--- SOURCE INFORMATION ---
┌──

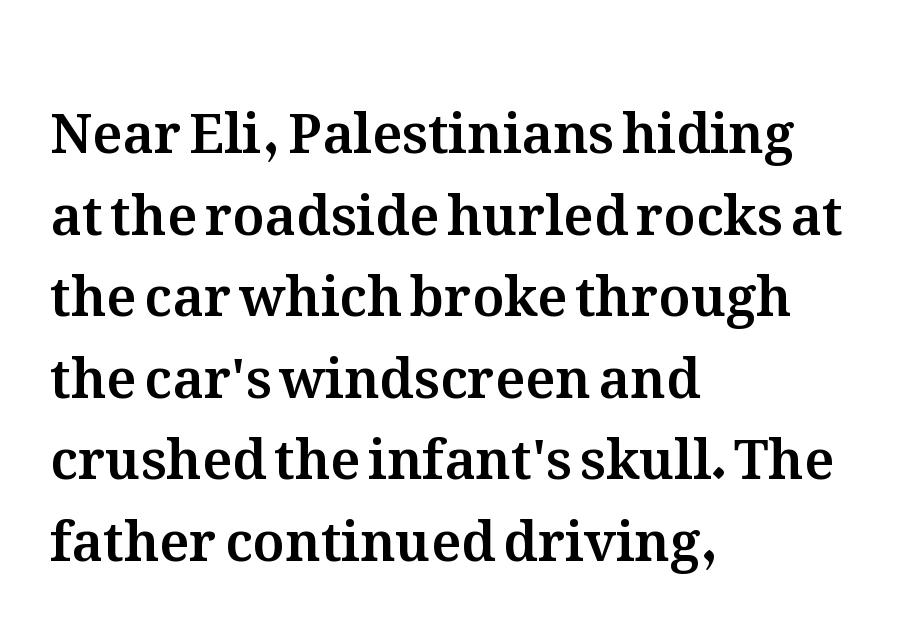
Q: Is the text italic (slanted)? A: No, it is upright.
Q: Is the text underlined? A: No.
Q: How is the paragraph aligned? A: Left-aligned.
Q: Is the spacing between letters normal or unusually wide? A: Normal.
Q: Is the spacing between lines tight, normal or loose? A: Normal.
Q: Width (condensed, normal, or wide)? A: Normal.
Q: Stroke contrast? A: Medium.
Q: x-height? A: Medium.
Q: Monospaced? A: No.
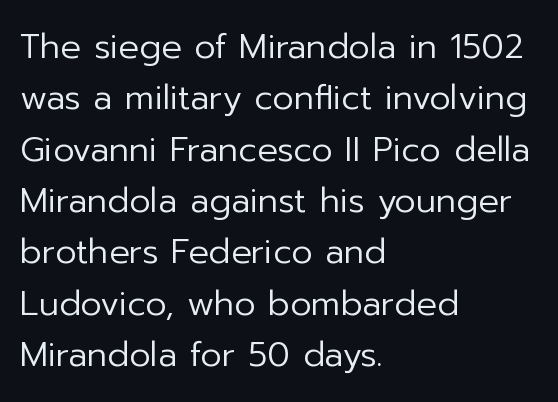
The image shows 34 px regular-weight sans-serif type, upright; set left-aligned, normal line spacing (1.51x), normal letter spacing, not underlined; low stroke contrast and a medium x-height.
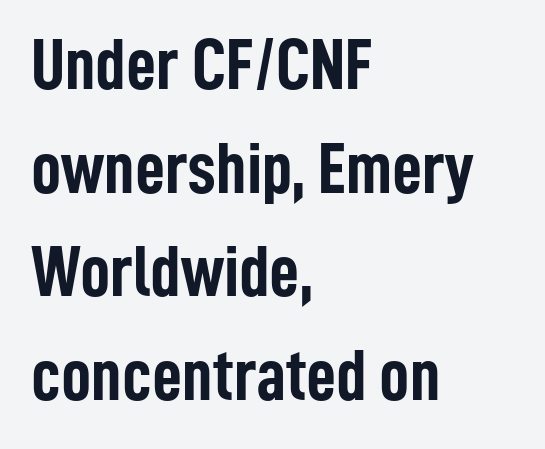
Plenty of ink on the page — the face is bold. Type without underlining. The passage is arranged the way most books set body copy — flush left. There is no visible air inserted between adjacent glyphs. Check where the strokes stop: nothing finishes them off — pure sans.
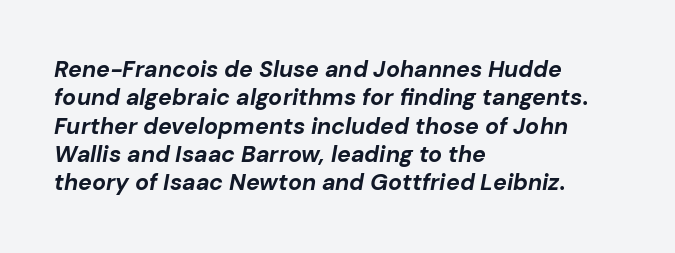
Q: Is the text bold? A: Yes.
Q: Is the text italic (slanted)? A: Yes, it leans right by about 10 degrees.
Q: Is the text underlined? A: No.
Q: How is the paragraph aligned? A: Left-aligned.
Q: Is the spacing between letters normal or unusually wide? A: Normal.
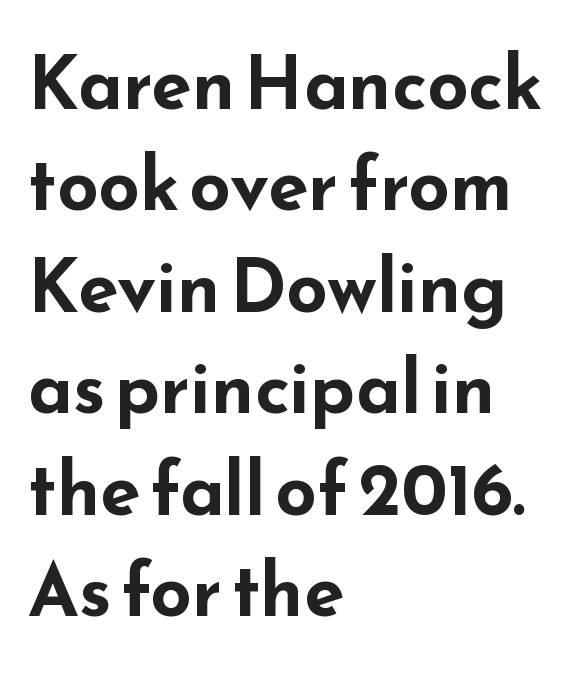
No italicization has been applied; the sample stays upright. The lines are quadded left. Stroke thickness is high; the sample reads as a true bold. Each new line begins a customary step beneath the previous one. The characters display no serif detailing; their extremities are plain.
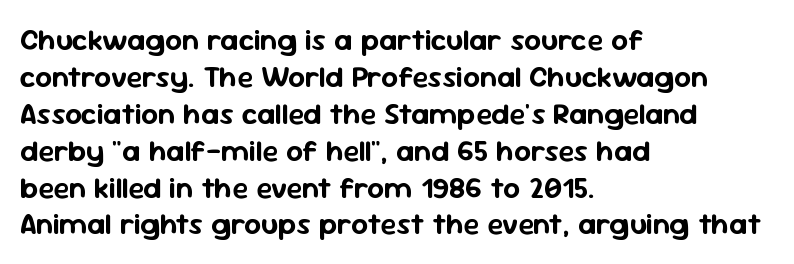
Q: Is the text italic (slanted)? A: No, it is upright.
Q: Is the typeface a serif or a sans-serif typeface? A: Sans-serif.
Q: Is the text underlined? A: No.
Q: How is the paragraph aligned? A: Left-aligned.
Q: Is the spacing between letters normal or unusually wide? A: Normal.
Q: Width (condensed, normal, or wide)? A: Normal.
Q: Stroke contrast? A: Low.
Q: x-height? A: Medium.
Q: Monospaced? A: No.
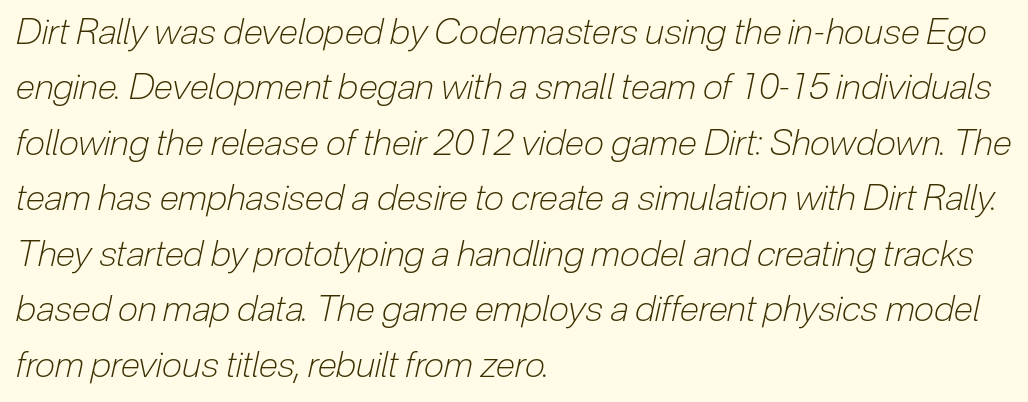
{"italic": "yes", "lean": "right", "slant_degrees": 12, "bold": "no", "weight": "light", "width": "condensed", "stroke_contrast": "low", "x_height": "medium", "monospaced": "no", "underline": "no", "align": "left", "line_spacing": "normal", "line_spacing_ratio": 1.54, "letter_spacing": "normal", "letter_spacing_em": 0.0, "glyph_px": 36}
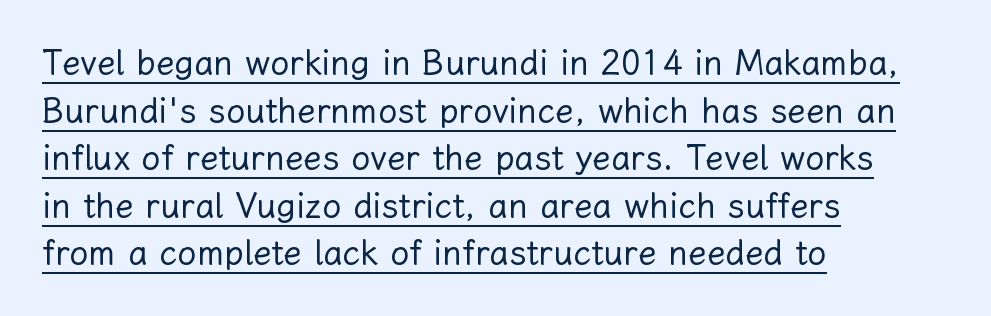
{"italic": "no", "bold": "no", "weight": "regular", "width": "normal", "stroke_contrast": "low", "x_height": "medium", "monospaced": "no", "underline": "yes", "align": "left", "line_spacing": "normal", "line_spacing_ratio": 1.4, "letter_spacing": "normal", "letter_spacing_em": 0.0, "glyph_px": 34}
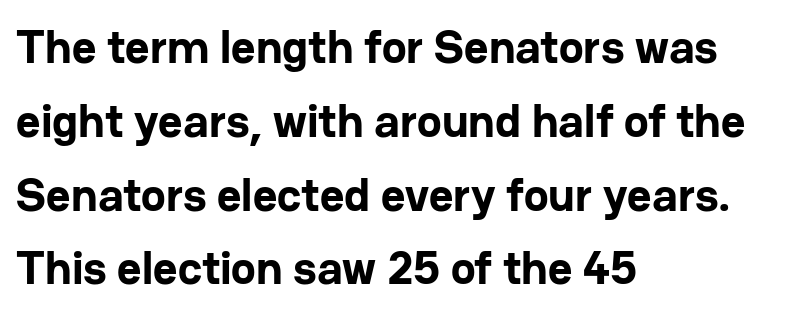
{"serif": "no", "italic": "no", "bold": "yes", "weight": "bold", "width": "normal", "stroke_contrast": "low", "x_height": "medium", "monospaced": "no", "underline": "no", "align": "left", "line_spacing": "normal", "line_spacing_ratio": 1.57, "letter_spacing": "normal", "letter_spacing_em": 0.0, "glyph_px": 47}
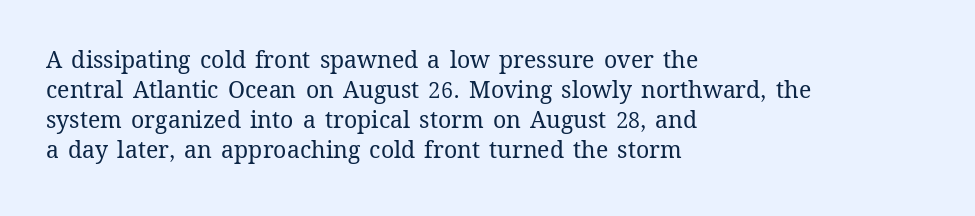
The image shows 23 px text type, upright; set left-aligned, normal line spacing (1.3x), normal letter spacing, not underlined.
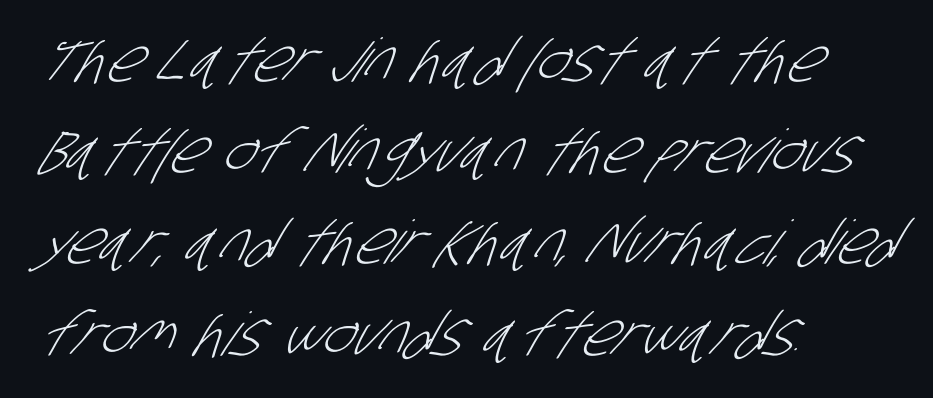
{"serif": "no", "bold": "no", "weight": "light", "width": "condensed", "stroke_contrast": "low", "x_height": "large", "monospaced": "no", "underline": "no", "align": "left", "line_spacing": "normal", "line_spacing_ratio": 1.52, "letter_spacing": "normal", "letter_spacing_em": 0.0, "glyph_px": 60}

└──

Drop the pictures; return the lines above from the line containing "Q: Is the text italic (slanted)? A: Yes, it" to the line containing "Q: Is the typeface", both included, exactly.

--- OUTPUT FOR THIS TASK ---
Q: Is the text italic (slanted)? A: Yes, it leans right by about 10 degrees.
Q: Is the text underlined? A: No.
Q: How is the paragraph aligned? A: Left-aligned.
Q: Is the spacing between letters normal or unusually wide? A: Normal.
No italicization has been applied; the sample stays upright. The lines are quadded left. Stroke thickness is high; the sample reads as a true bold. Each new line begins a customary step beneath the previous one. The characters display no serif detailing; their extremities are plain.
Q: Is the text italic (slanted)? A: No, it is upright.
Q: Is the typeface a serif or a sans-serif typeface? A: Sans-serif.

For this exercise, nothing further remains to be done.